The UART can be programmed to do SPI master mode too I believe.

It isn't that long on a 16mhz AVR. I've measured this many times and just
measured it again earlier today on a 16mhz atmega328 using a logic analyzer
and it is right at about 4.8us.

Still pretty abysmal compared to what an AVR can do with direct port i/o which is 62.5ns

--- bill

I've used a lot of SPI and I've never really used the SPI library yet. I ususally use direct port access to set my slave select pins and then I just write bytes to SPDR and watch SPIF to see when it's time to load on another.
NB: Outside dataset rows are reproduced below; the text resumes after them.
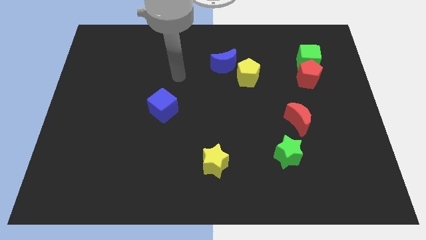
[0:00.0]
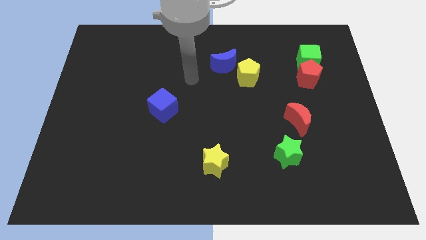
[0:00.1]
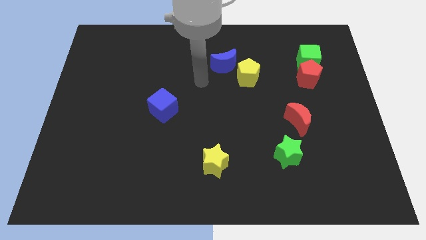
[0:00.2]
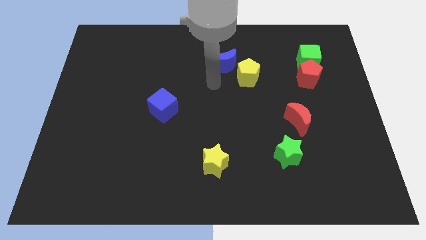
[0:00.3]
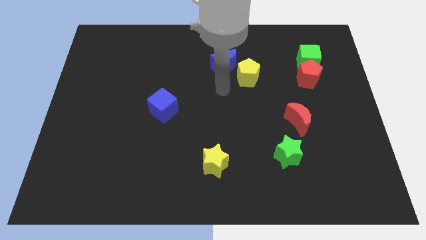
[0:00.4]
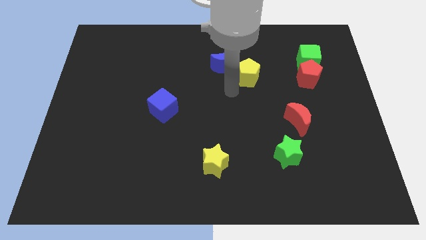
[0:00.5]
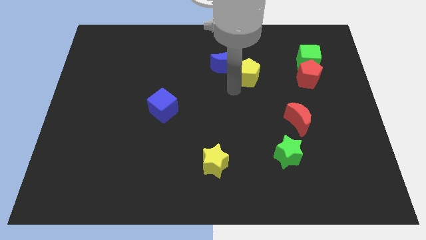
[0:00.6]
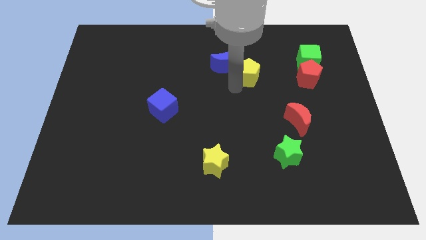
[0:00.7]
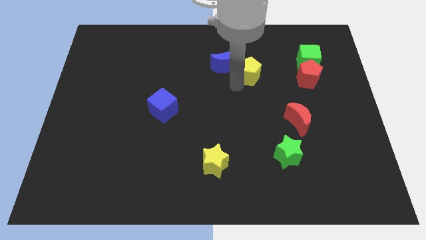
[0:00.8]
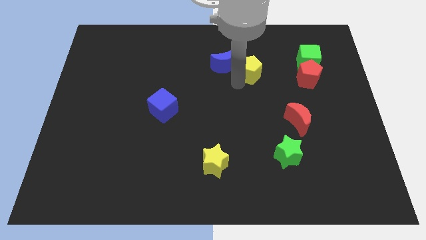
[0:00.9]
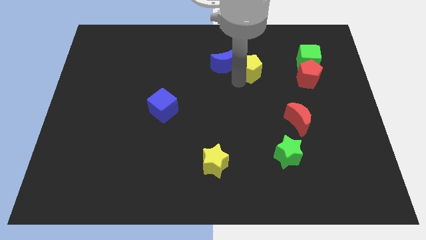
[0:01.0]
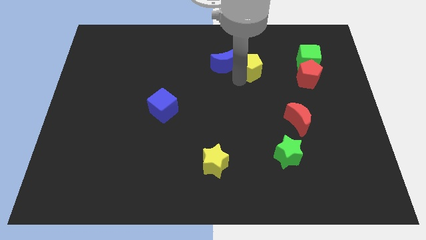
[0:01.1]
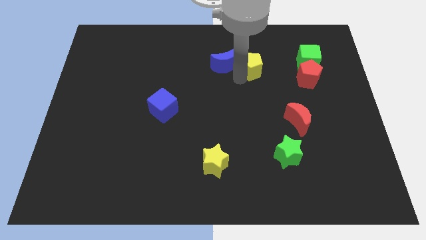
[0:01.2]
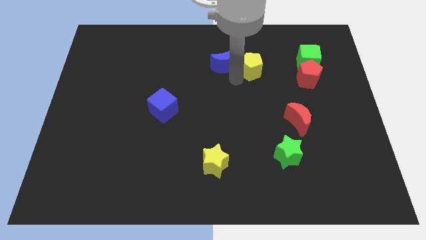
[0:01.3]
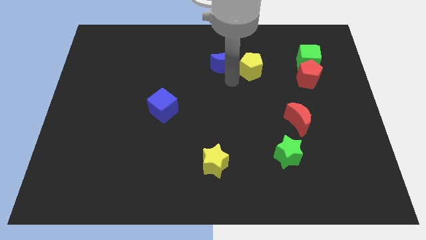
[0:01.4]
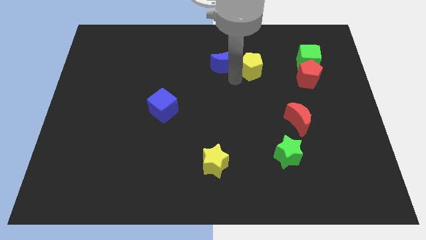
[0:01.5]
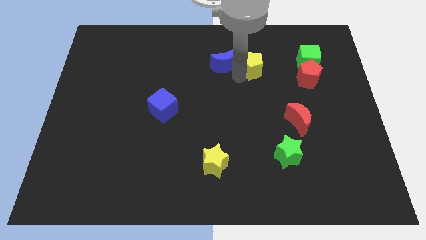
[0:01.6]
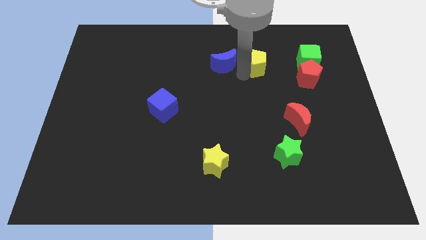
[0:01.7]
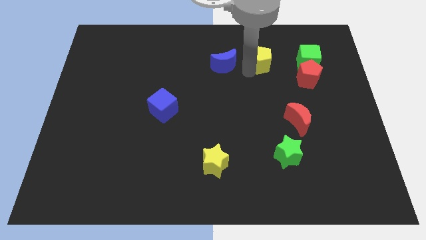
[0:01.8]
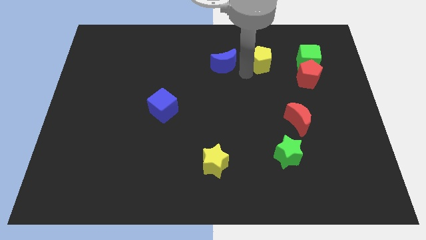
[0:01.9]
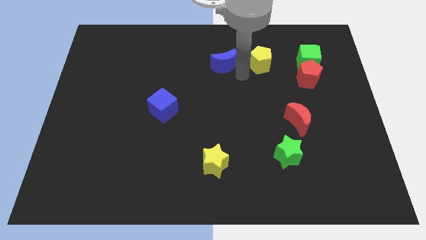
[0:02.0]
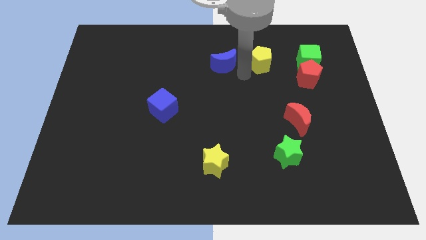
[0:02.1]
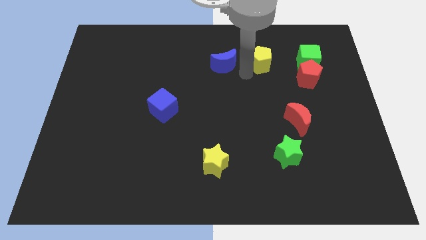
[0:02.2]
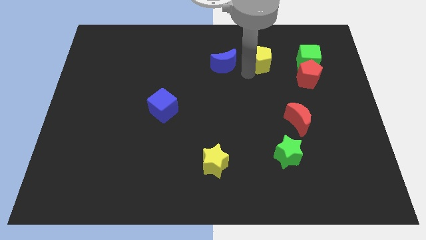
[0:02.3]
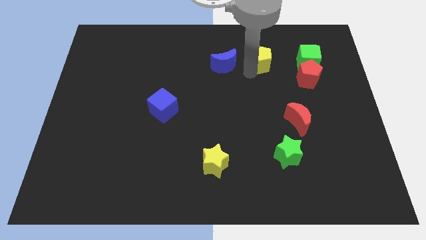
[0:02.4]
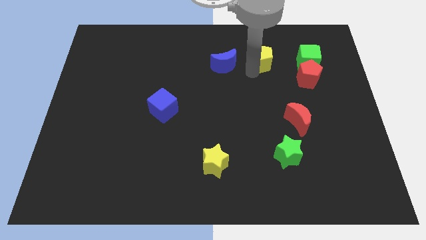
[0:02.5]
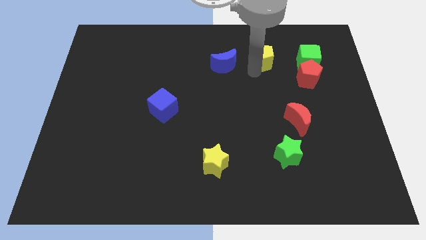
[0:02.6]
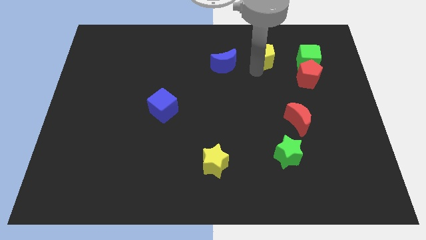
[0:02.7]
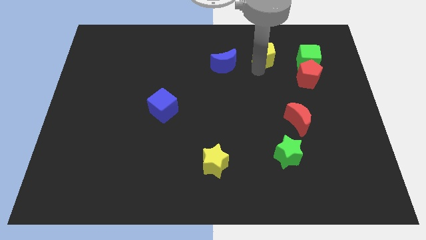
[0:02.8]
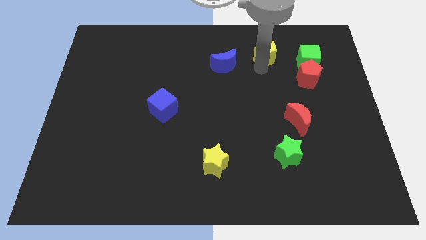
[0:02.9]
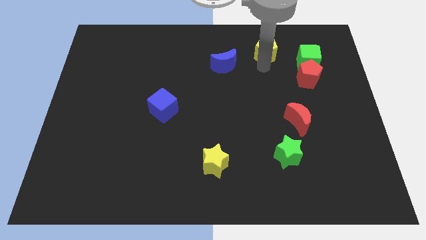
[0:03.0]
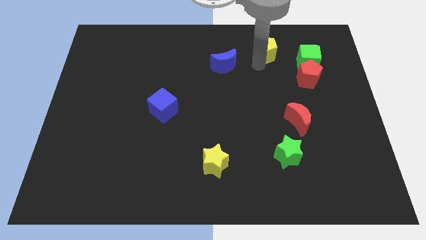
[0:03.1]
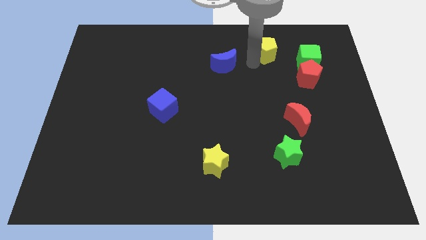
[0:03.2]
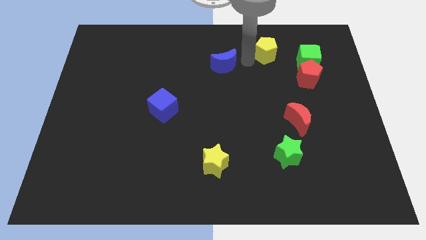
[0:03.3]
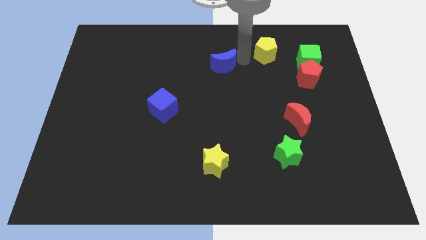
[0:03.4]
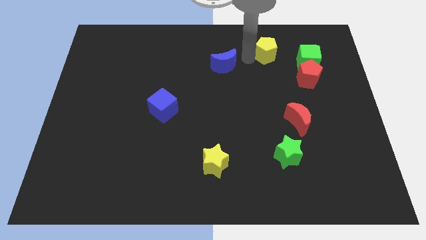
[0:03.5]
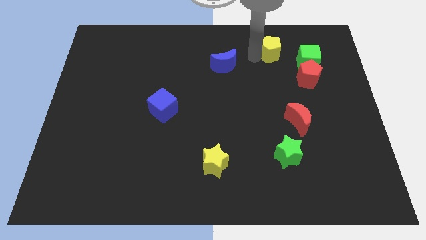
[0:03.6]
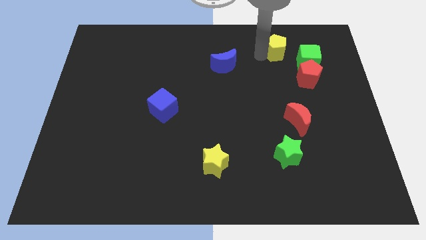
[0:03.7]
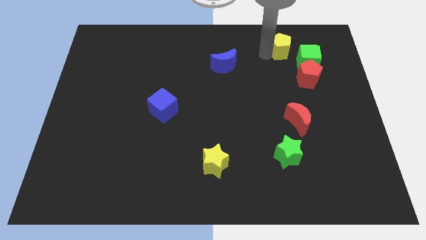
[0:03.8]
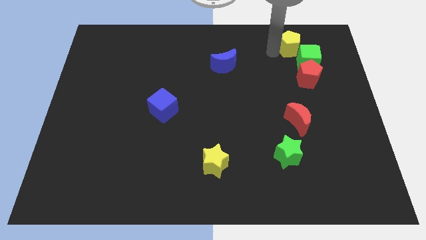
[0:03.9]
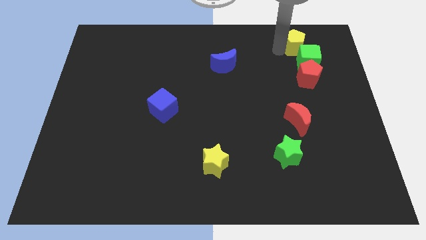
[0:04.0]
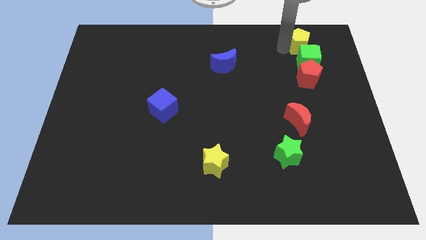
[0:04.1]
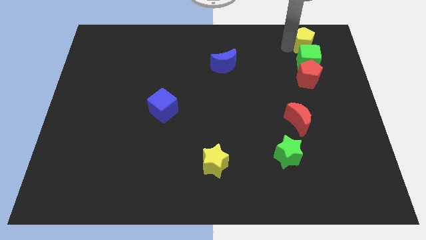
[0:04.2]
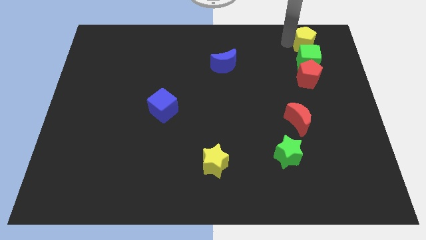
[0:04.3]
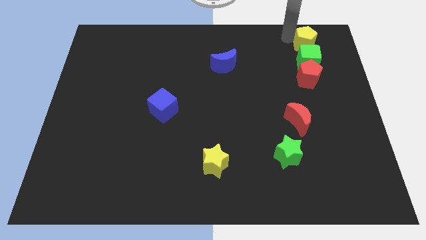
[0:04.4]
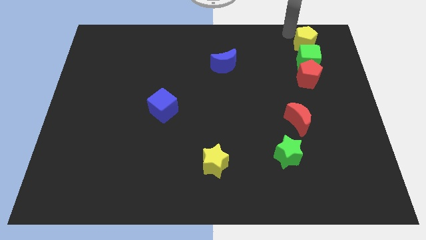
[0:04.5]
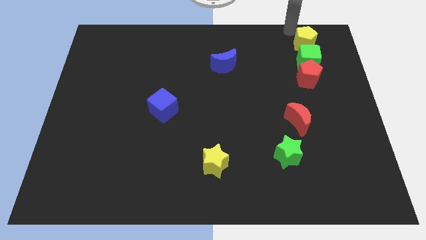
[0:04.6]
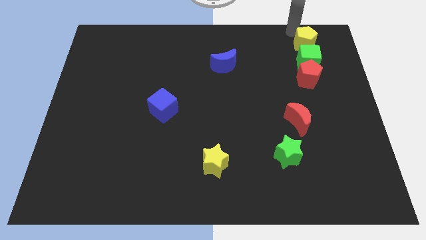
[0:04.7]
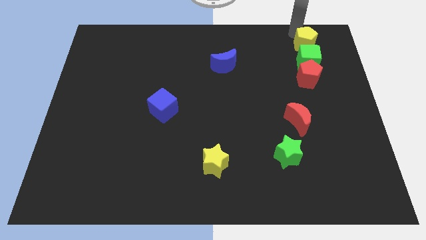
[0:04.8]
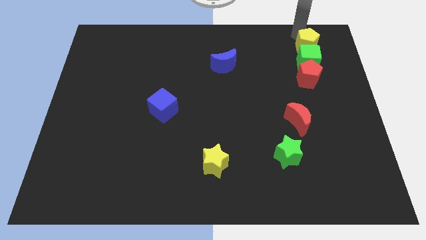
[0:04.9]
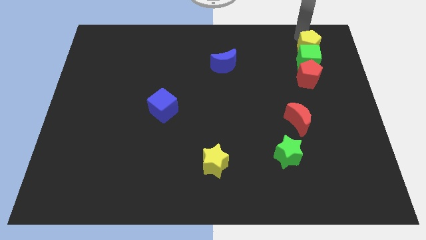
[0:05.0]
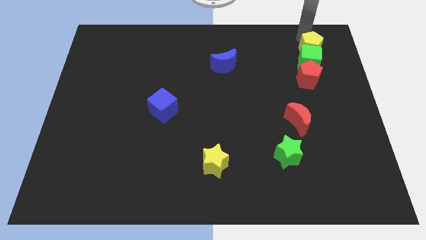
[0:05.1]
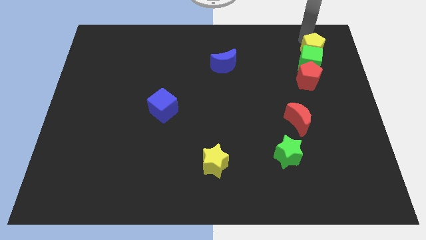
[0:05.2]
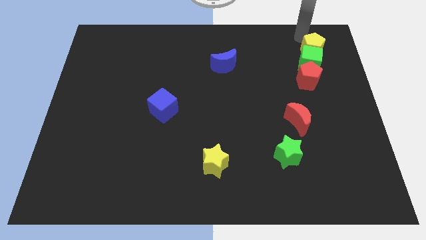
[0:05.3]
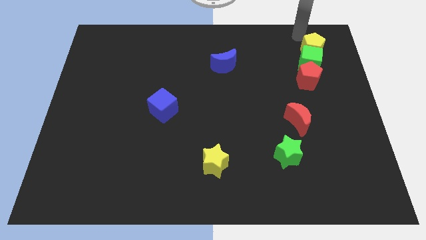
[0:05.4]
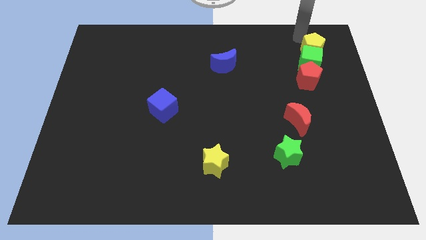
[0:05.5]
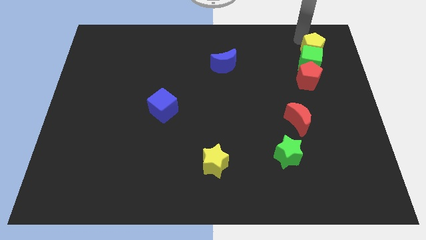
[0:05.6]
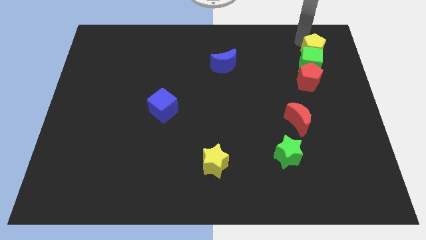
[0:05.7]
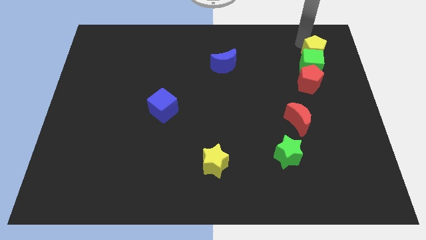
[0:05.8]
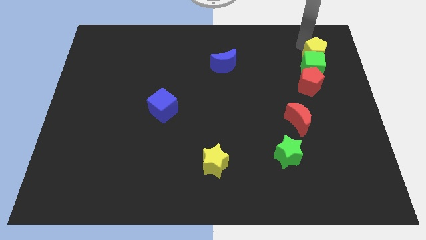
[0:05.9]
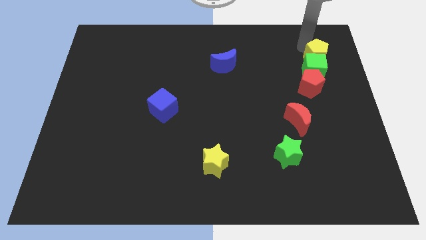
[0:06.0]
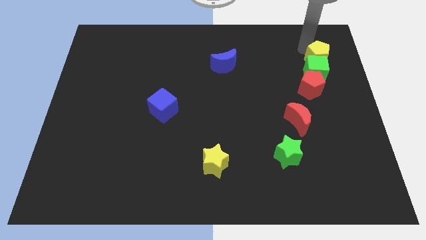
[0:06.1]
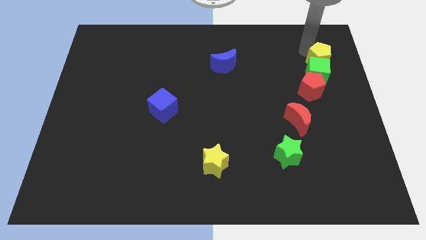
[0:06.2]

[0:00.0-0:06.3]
slide the yellow pentagon diagonally up and to the right of the red pentagon

It can go really really fast like that.

I would probably use the SPI library if I hadn't already found that method from reading the datasheet and a bit of code. But that's how I do it.

A blocking example:

SPDR = byteToSend;
while(!(SPSR & (1<<SPIF)));

For a non-blocking code, you could check SPIF every time to let you know you can send another byte or I suppose you could even set up an interrupt to handle it.

I haven't tried anything like that but I'm curious to know whether there's a reason for doing the send/wait in that order. Intuitively I've have guessed it would be more efficient to do it the other way round (prepare the byte to send, wait for the hardware to become idle, send the byte, move on and do something else).

A blocking example:

I would flip the sequence:

while(!(SPSR & (1<<SPIF))) continue; //wait if the prior transmission hasn't ended

SPDR = byteToSend;

This can be considerably faster than your sequency.

I see. I guess you're right. The code I grabbed was actually waiting for a reply. So it had a line after that.

byteRecieved = SPDR;

And in that code I was waiting for the flag so I would know there would be good data in SPDR to read.

If you want to get the maximum speed out of the hardware SPI, It's even faster if you don't wait for the SPIF bit but instead include just the right number of NOPs between writing one byte and the next to SPDR.

And the right number is ? And is it constant for a given SPI Clock setting ?

Duane B

You stick a 'scope on the SCLK pin and trial and error - the exact delay might be sensitive to the nature of surrounding
code and the avr-gcc version and optimization flags used, so its not perfect technique. The ratio of SPI clock to system
clock is fixed by the prescaler divide ratio so if you get it working at 16MHz it should still work at 8MHz system clock too...

The code I grabbed was actually waiting for a reply.

That's why it is so much faster if you do it via the interrupt: you can just keep loading up the next byte to be sent in the isr, freeing up the mcu.

See http://arduino.cc/forum/index.php/topic,129824.0.html. Yes of course the number of NOPs required will depend on clock frequency; but below the maximum available SPI clock frequency (8MHz on a 16MHz Arduino), the speed gain of not using a busy wait loop will be proportionately lower, so it's probably not worthwhile.

dhenry:

The code I grabbed was actually waiting for a reply.

That's why it is so much faster if you do it via the interrupt: you can just keep loading up the next byte to be sent in the isr, freeing up the mcu.

If you run SPI at 8MHz the overhead of calling the interrupt handler routine is likely more than the SPI transfer (16 clocks)
and busy-waiting will be more efficient? Be interesting to compare at 8MHz/4MHz/2MHz etc.

The math is slightly different.

When pulling, you are waiting 16 ticks to transmit and load the next char.

In interrupt, your transmission starts as you load up the char. You then exit the isr and the mcu is doing other things. 16 ticks later, the isr fires; With isr latency (~16 ticks), you load up the next char. So every 32 ticks, you send a char. Of that 32 ticks, the mcu is working on something else for 16 ticks. The net result is that the actual transmission is slower (8Mhz spi running at 4Mhz over the long run).

However, if you lower the spi speed (to 100khz for example), the interrupt approach offers considerable advantage, in terms of efficiency and convenience: it is load-and-forget from the programmer's perspective.